In response to next weeks topic, Do I have a check off list for what
I'm looking for in a partner: Although I think that I am an open, flexible,
non-judgmental, without prejudices person, I am finding out that throughout
my life there has become a definite "theme" in which I choose
a prospective partner. I realize that I am a caretaker and tend to find
men who "need me" to "care" for them, but have failed
to find that "one special one" who reciprocates. With years
of disappointment from men who haven't been there for me, I am slowly
learning to put my needs first. Without sounding selfish, I find that
I have to be there for myself, first, otherwise I become drained and depressed
from giving and not receiving. And although I feel that I have been very
independent, that independence has been a double-edged sword for me. Some
men see my independence as NOT NEEDING anyone to care for me, therefore,
I am the one doing all of the work. I need to learn to find someone who
compliments my needs and is willing to meet me, at least, half way for
a meaningful long lasting relationship.With all of that said, my short
list of "expectations" in another is for them to be there for
me as I would be there for them. I think it's important to know what you're looking for in a potential
partner. I don't write out a check-off list, but I do keep a mental note.
Most important to me is finding someone you can talk to and being able
to communicate if a conflict arises. I think having been married and divorced,
you know what you don't want, and you don't want to repeat the same mistake.
I want to find out what we have in common and what is different about
each other. If you're looking for a long term relationship, you want to
be sure that it is something you can live with and be happy together.
I used to have a list...it was a list of what I didnt like: I never had a list, I just knew when I met him, it was "HIM"
I'm sort of thinking that if I actually knew what I should be looking
for in a partner, I wouldn't be divorced AND single right now. I never had a "real" list, but I certainly had a "mental"
list of qualities I was looking for in all people, not just a mate. I
believe in honesty, tolerance, respect, acceptance, kindness, gentleness,
selflessness. Actually, I think 1 Corinthians 13 sums it up perfectly. I think before you have a list you should have to know yourself first. No, never had a list. If I ever had to find a mate again though, there
would be a few things I think would be mandatory traits (from my past
and current experience.) No, never had a list..Never really knew what to look for...ended up marrying
two different men who were like my father, my real father...not very nice
ones. I came from a very dysfunctional home, alcoholism, abuse, etc. So
I don;t think any of us kids knew what to look for. We thought our home
was normal..we didn;t know any better..until we got older and started
going to our friends homes and started realizing...Wow...We secretly wished
we lived in theses homes. So, as far as a list..don;t have one..even now..22
yrs divorced now..and older and much much wiser...I DO know what I want
now though. I will not settle, like so many seem to do. I'd rather live
alone than settle. I have to say I would love to meet someone with similar
interests...you just never know. In the meantime, I am content with my
life..if I meet someone , well, that would simply add to my life. We all
have flaws, but there are certain mates I would not want..as some flaws
are serious ones. A list ? even at 15 when I met my husband I knew what I wanted. I wanted
a big, big country boy with blue eyes and a ready smile.. I wanted him
to have a big teddybear tummy and he had to love the outdoors , camping
, hunting , fishing and last but not least he had to love me. oh it help
to know that I just desribed my Grandpa. If I couldnt have him I wanted
the next best thing.. I've never had a list, but I did know there were certain men that wouldn't
attract me what so ever. I still had/have some standards. Never had a list, If I did'nt get that special feeling, I would pass...........
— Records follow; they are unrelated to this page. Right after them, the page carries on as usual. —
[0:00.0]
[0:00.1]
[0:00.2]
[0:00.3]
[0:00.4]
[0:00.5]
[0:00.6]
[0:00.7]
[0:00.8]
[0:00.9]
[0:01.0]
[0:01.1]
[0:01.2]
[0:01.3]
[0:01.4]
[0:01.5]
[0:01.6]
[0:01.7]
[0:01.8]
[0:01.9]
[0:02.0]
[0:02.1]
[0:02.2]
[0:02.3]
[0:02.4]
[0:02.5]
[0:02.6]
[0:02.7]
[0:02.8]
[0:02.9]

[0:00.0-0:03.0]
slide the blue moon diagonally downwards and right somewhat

I never had a list. Maybe I should have because I have made some really
dumb choices! Now I have grown up. I have become very content with myself.
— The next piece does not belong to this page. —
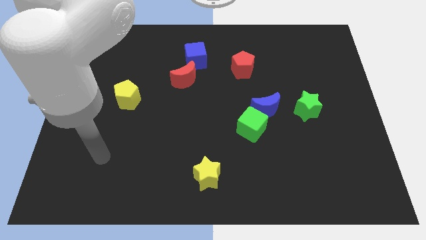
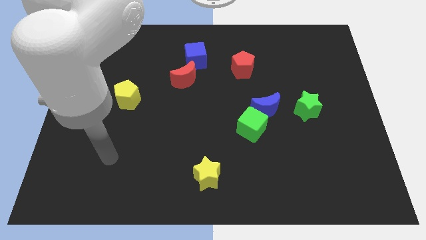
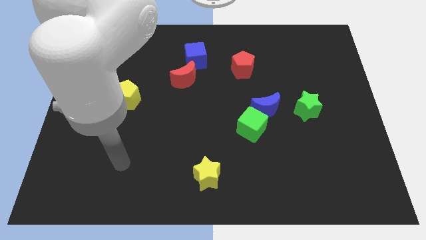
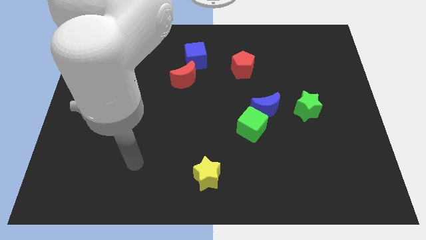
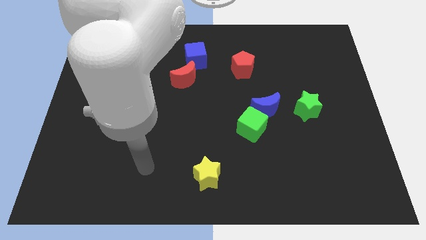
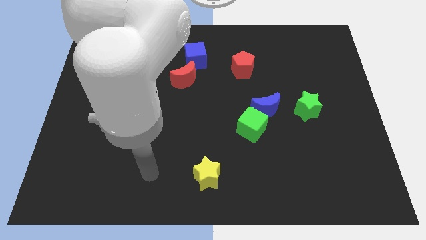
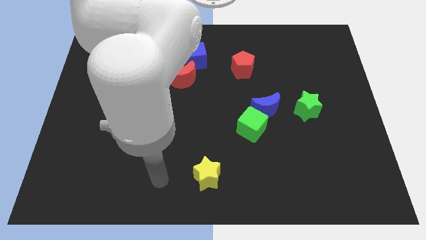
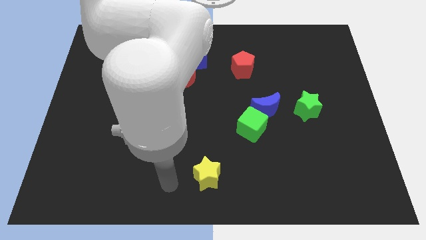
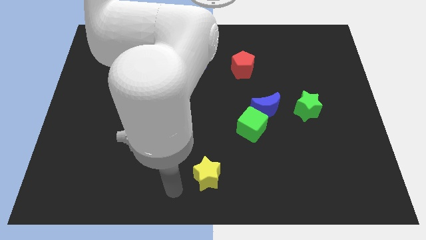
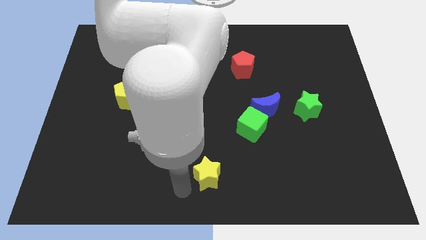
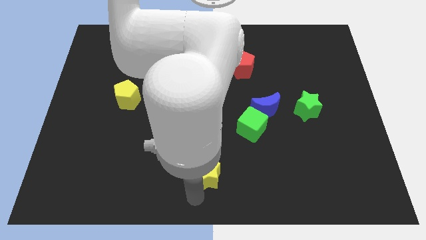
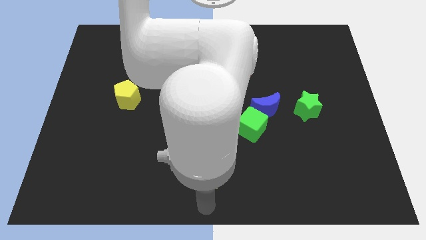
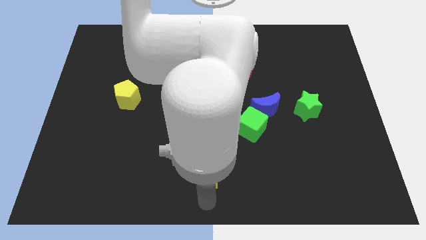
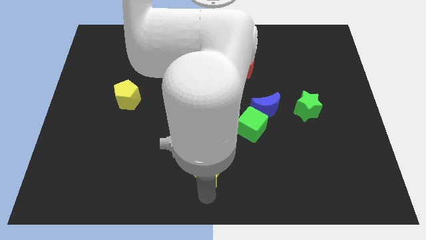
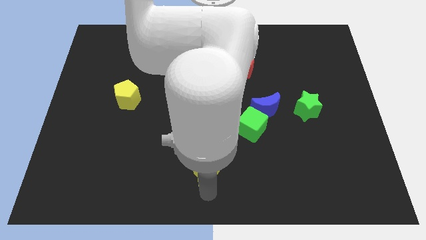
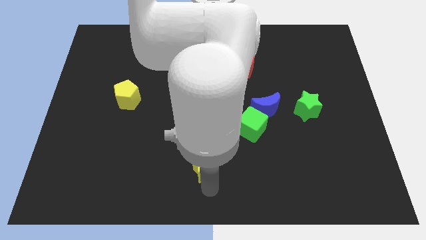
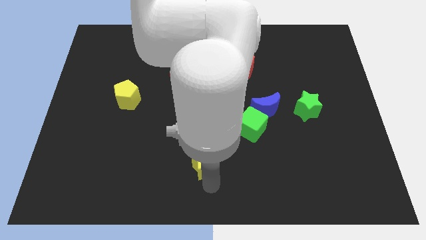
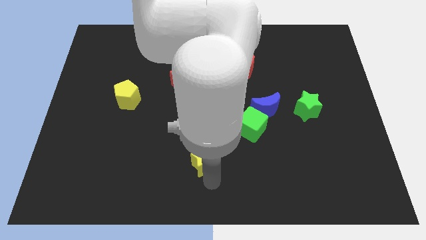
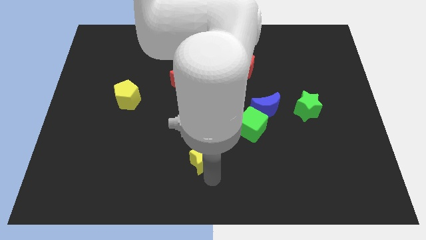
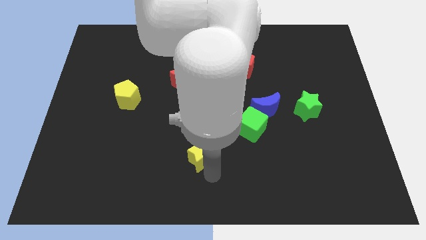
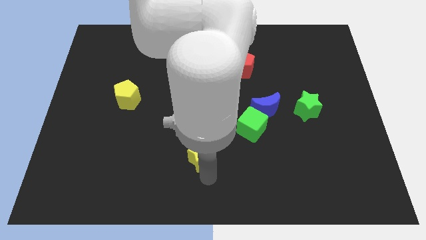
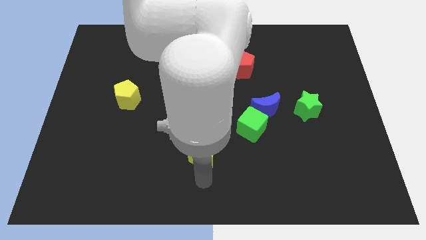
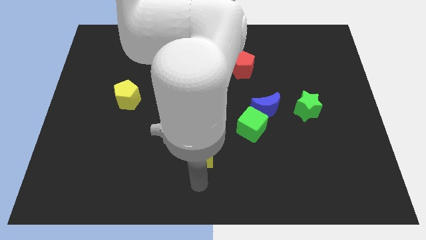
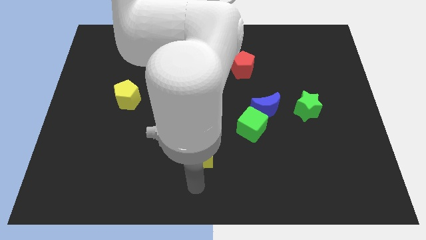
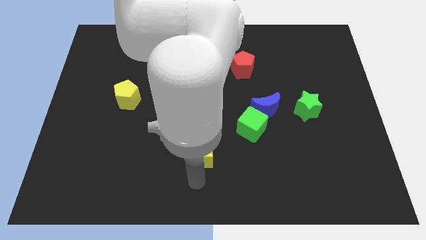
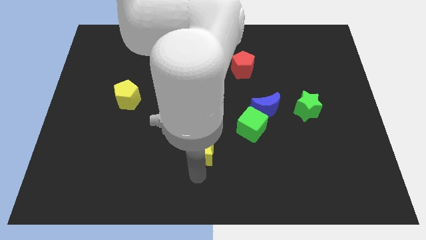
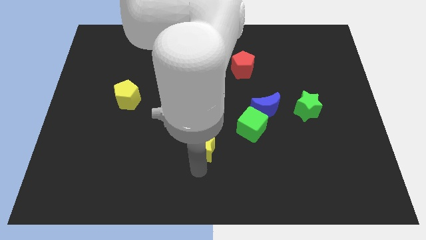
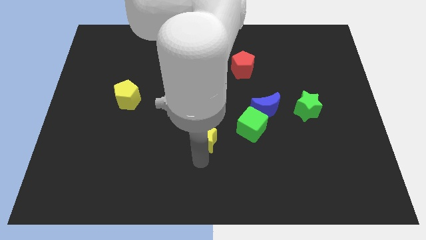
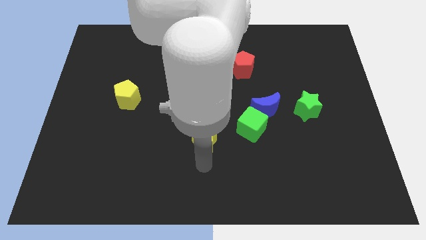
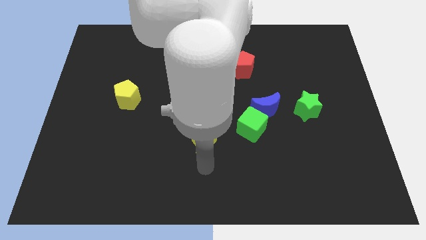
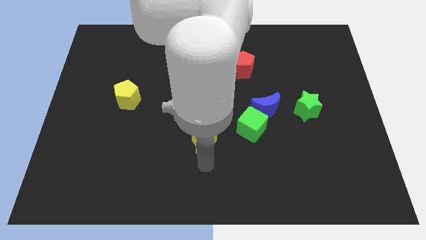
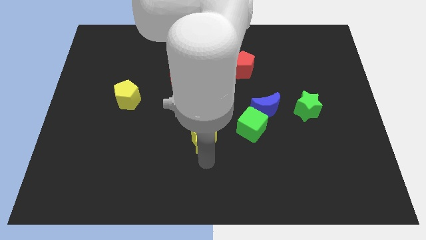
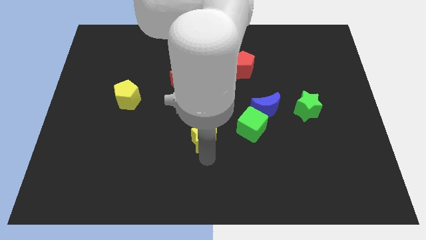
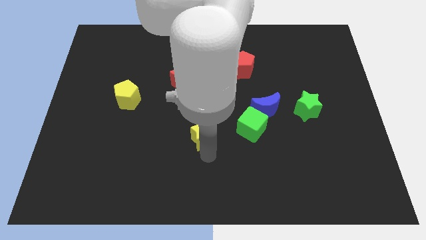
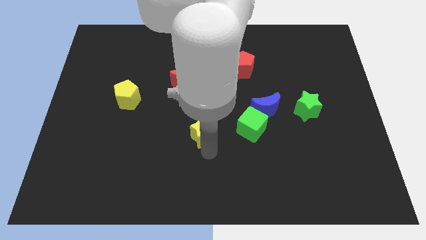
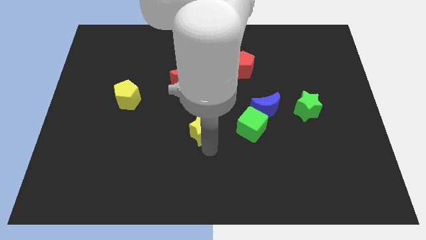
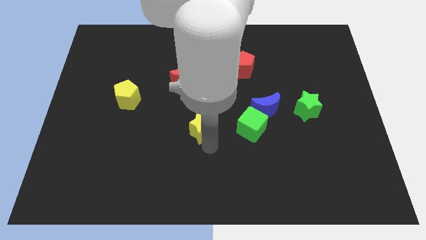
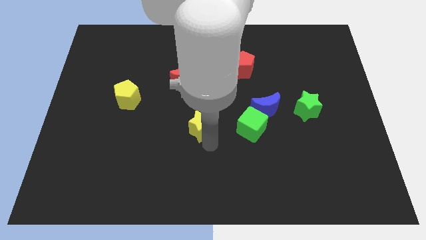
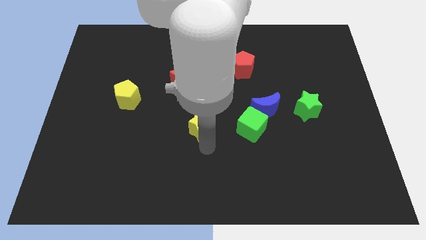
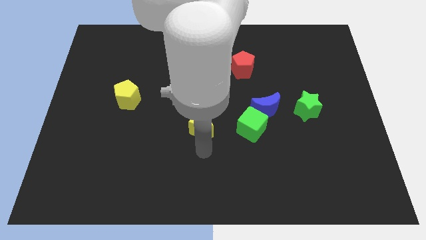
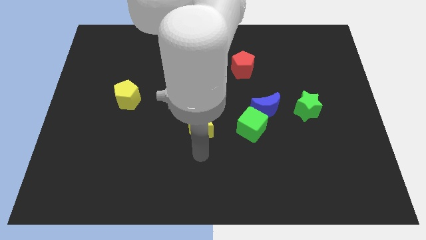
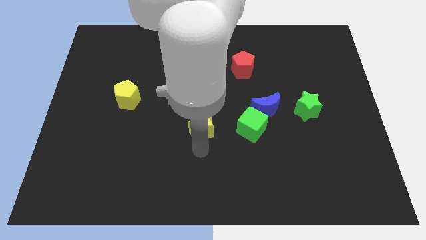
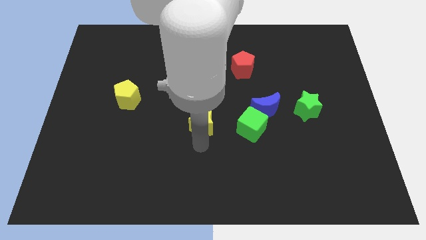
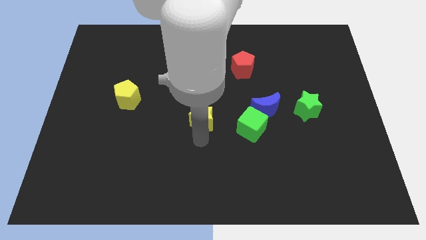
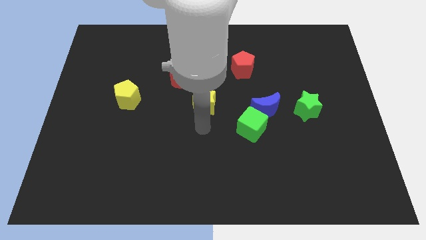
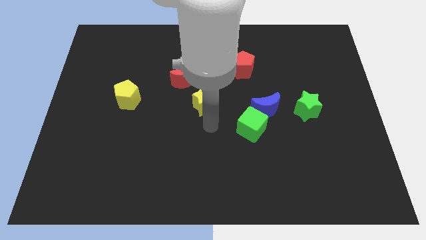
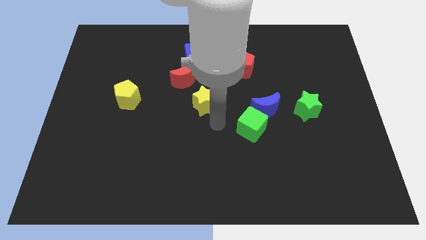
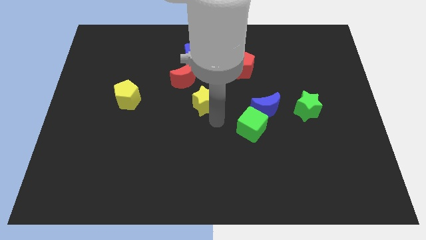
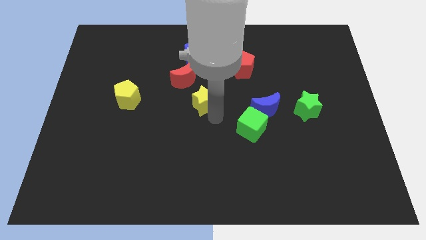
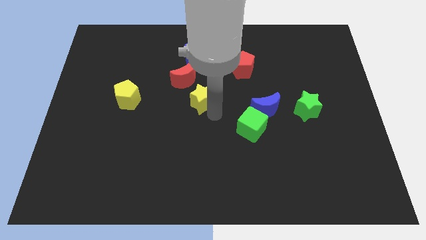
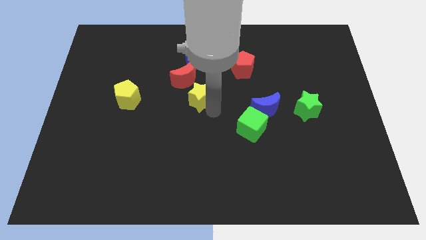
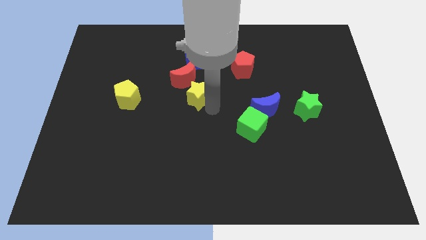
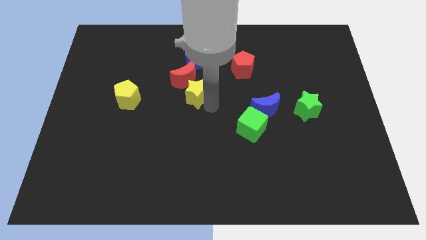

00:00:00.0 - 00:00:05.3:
move the yellow star to the red moon

I think I have become a whole person. I will not settle again for less
than another whole person. For the first time in my life I don't need
someone to complete me. It is an incredible feeling of "being".
It took a long time to get here. That is a interesting question I suppose one could think of it as a list
but I think of it as qualites. Yes, I do have qualities I would need when
& if I ever find the person that is right for me Hmmmm...no list, really....but, I do look for certain things....non-smoker,
loves dogs, caring, has his own car, his own place to live, employed,
great sense of humor and a nice smile! I never had a list although there were a few things to consider, as with
anyone. I honestly think that if someone had to have a written list then
they aren't wanting a partner in life but more like expectations.......those
I don't like.........our relationship is filled with the best yet also
with tiny little things that make it even more interesting......after
all...no one is perfect........ As far as I'm concerned, physical appearance is not important to me.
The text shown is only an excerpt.